Protection or purposeless?
Our human lifestyles are different from that of other primates in many ways. We’re terrestrial, upright, and cursorial (i.e. adapted for running). Though we’re no longer climbing, it’s possible we’ve held onto nails instead of re-gaining claws on our feet because they still offer some benefit.
Nails are made up of the same types of cells as our skin, which has a clear protective purpose, says Grace Torres-Hodges, a board certified podiatrist and food surgeon based in Pensacola, Florida. In her line of work, she’s often asked by patients about the purpose of toenails. Though she doesn’t have any single, definite answer for them, she thinks they help to protect against cuts, infection, and other damage to the toes. There is a lot of vascular and nerve structure in our toes, Torres-Hodges says, which is potentially fragile–not to mention the small bones.
And, as a bonus, assessing toenails can offer clues to whole-body health, she says. Peculiarities in color, texture, and shape can hint at chronic health issues like respiratory, thyroid, and liver disease she says.

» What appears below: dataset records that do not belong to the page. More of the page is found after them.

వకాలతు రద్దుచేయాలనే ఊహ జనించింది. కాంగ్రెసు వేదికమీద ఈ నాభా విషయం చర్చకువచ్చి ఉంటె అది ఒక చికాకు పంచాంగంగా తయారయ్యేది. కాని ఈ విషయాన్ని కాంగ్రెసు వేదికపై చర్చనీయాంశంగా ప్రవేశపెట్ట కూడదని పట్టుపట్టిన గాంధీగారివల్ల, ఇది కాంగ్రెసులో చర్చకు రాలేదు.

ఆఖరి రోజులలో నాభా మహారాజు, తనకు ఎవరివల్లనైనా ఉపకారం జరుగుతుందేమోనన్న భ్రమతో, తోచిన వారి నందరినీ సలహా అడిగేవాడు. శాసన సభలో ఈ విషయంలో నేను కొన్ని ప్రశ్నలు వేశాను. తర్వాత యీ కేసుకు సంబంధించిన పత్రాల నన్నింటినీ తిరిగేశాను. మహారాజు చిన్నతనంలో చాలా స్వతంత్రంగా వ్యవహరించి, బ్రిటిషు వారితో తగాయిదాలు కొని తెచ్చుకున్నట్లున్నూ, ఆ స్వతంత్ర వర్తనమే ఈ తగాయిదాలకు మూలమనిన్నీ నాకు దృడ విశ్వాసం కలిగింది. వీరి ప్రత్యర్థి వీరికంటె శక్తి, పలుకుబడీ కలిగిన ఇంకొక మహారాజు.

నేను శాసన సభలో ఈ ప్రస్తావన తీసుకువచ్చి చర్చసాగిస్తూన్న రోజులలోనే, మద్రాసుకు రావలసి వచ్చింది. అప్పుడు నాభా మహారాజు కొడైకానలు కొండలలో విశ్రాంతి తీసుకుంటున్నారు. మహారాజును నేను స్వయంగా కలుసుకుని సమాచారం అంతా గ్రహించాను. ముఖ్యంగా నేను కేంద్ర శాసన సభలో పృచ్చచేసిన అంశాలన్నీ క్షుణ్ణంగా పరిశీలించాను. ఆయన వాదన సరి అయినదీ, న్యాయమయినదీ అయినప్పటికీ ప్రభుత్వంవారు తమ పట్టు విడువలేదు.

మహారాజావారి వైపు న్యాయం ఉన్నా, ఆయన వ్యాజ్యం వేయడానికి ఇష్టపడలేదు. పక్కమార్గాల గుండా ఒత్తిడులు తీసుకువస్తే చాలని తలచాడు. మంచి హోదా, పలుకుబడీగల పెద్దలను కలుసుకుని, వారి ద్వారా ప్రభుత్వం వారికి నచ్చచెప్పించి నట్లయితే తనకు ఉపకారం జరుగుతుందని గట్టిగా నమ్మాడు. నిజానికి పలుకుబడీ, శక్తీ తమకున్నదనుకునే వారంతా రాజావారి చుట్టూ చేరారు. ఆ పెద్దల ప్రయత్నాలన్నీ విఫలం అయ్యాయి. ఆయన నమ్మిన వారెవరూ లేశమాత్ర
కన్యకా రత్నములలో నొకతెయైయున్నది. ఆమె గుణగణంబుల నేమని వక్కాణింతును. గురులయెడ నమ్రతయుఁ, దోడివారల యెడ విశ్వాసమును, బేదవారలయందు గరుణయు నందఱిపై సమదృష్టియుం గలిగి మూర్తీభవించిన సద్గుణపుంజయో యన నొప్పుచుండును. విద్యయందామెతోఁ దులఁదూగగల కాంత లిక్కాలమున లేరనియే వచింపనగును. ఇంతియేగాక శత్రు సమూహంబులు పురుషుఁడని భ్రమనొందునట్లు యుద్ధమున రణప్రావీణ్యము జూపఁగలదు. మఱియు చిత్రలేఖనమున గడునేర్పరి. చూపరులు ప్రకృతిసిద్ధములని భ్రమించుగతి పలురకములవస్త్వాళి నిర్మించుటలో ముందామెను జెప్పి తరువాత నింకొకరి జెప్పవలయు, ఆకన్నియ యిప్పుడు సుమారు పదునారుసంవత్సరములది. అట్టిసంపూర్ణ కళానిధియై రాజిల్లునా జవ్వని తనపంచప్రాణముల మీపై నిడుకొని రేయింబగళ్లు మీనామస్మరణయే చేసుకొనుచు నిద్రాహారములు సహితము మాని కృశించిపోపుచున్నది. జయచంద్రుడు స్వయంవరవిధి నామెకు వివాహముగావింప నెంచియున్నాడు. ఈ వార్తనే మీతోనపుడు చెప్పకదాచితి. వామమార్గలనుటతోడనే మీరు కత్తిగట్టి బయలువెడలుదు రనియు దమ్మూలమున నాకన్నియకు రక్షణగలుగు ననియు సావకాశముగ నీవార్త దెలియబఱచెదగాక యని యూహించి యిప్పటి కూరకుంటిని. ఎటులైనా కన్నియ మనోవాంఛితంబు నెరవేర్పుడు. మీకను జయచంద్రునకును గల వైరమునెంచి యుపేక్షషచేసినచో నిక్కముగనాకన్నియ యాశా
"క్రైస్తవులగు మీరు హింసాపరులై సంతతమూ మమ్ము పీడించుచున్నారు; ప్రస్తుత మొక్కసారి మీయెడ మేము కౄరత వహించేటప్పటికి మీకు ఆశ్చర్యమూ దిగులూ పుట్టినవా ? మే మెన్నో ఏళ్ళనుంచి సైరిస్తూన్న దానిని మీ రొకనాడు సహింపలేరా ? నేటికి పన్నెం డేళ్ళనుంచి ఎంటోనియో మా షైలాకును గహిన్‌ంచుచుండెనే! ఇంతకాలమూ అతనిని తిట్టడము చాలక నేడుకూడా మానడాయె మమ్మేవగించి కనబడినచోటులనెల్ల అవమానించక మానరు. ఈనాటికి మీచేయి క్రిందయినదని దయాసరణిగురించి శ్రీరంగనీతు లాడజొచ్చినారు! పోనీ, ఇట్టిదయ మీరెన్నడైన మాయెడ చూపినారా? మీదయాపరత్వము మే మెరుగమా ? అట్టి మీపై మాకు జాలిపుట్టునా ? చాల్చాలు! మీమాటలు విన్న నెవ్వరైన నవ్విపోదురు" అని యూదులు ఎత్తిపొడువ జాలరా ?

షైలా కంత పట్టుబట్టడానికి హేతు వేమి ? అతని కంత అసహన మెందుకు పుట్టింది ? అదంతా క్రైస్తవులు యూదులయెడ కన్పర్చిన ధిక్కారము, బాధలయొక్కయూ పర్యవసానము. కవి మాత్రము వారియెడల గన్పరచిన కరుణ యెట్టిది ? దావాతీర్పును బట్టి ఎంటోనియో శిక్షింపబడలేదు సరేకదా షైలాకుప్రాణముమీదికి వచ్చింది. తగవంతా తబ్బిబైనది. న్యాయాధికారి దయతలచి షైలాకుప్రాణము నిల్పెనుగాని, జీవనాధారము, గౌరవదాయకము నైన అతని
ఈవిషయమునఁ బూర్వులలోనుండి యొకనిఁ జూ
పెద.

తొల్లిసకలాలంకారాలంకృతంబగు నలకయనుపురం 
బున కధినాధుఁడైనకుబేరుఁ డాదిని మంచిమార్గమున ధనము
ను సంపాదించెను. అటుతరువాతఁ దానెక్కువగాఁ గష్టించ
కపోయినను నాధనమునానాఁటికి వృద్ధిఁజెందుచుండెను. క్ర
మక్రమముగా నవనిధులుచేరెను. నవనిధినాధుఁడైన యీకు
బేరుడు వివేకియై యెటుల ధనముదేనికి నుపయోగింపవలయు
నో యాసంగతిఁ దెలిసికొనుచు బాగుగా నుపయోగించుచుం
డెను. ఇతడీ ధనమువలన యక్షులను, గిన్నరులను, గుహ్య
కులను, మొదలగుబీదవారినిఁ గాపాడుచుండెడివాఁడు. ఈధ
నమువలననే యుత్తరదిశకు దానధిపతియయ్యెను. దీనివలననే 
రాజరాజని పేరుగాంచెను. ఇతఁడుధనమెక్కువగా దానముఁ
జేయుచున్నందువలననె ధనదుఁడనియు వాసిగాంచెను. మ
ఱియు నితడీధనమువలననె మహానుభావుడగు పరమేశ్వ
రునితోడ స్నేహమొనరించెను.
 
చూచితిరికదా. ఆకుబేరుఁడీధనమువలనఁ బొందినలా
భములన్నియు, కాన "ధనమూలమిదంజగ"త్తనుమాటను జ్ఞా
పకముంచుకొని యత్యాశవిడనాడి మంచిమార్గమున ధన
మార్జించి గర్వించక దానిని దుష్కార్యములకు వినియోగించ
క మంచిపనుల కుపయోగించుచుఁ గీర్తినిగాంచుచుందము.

But it’s also possible that, at this point in our species’ trajectory, toenails are little more than a souvenir of our tree-climbing past. It can be a fallacy “to assume a function where there may not be a function,” says Tracy Thomson, a paleontologist at the University of California, Davis. “There are lots of structures that may not be functional or have lost their function over evolutionary time,” he adds.
“Everything about the human body is a work in progress, because our way of moving is so new and something that hasn’t really been tried before,” says Borths. As tail-less, big-headed, bipeds “we’re just kind of the first weirdos like us,” in the fossil record, he adds. “So we’ll see what happens.” Maybe, in the long-run, we’ll lose our toenails too.